**YOUR INSTRUCTIONS:** Every line from the one with "Q: Is the typeface" through the final line of the data below goes in the answer, copied exactly. Pictures do not.

**TASK DATA:**
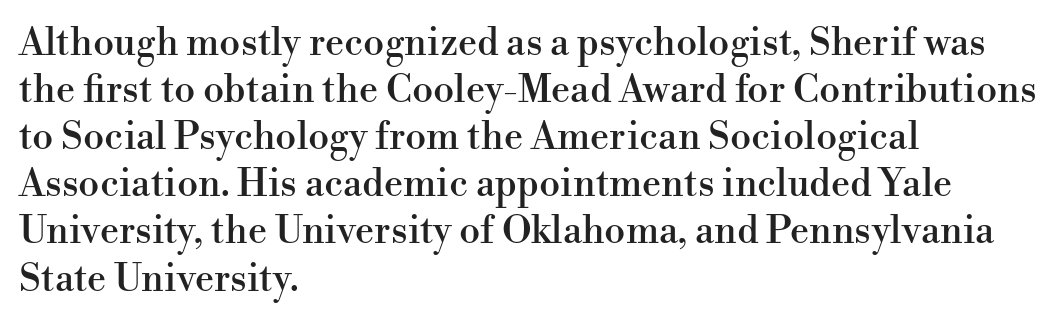
Q: Is the text italic (slanted)? A: No, it is upright.
Q: Is the typeface a serif or a sans-serif typeface? A: Serif.
Q: Is the text underlined? A: No.
Q: How is the paragraph aligned? A: Left-aligned.
Q: Is the spacing between letters normal or unusually wide? A: Normal.
Q: Width (condensed, normal, or wide)? A: Normal.
Q: Stroke contrast? A: High.
Q: x-height? A: Small.
Q: Monospaced? A: No.
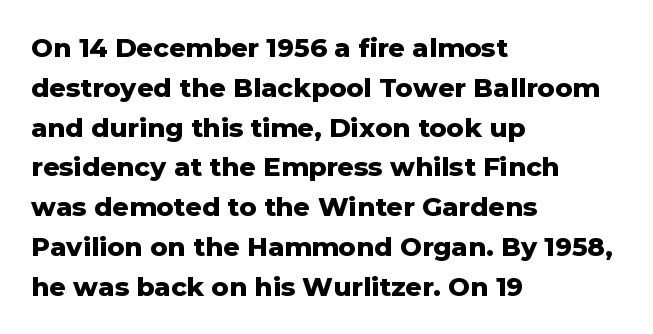
The image shows 26 px bold type, upright; set left-aligned, normal line spacing (1.53x), normal letter spacing, not underlined.

**RESPONSE BELOW:**
Q: Is the typeface a serif or a sans-serif typeface? A: Serif.
Q: Is the text underlined? A: No.
Q: How is the paragraph aligned? A: Left-aligned.
Q: Is the spacing between letters normal or unusually wide? A: Normal.
Q: Width (condensed, normal, or wide)? A: Normal.
Q: Stroke contrast? A: High.
Q: x-height? A: Small.
Q: Monospaced? A: No.
The image shows 26 px bold type, upright; set left-aligned, normal line spacing (1.53x), normal letter spacing, not underlined.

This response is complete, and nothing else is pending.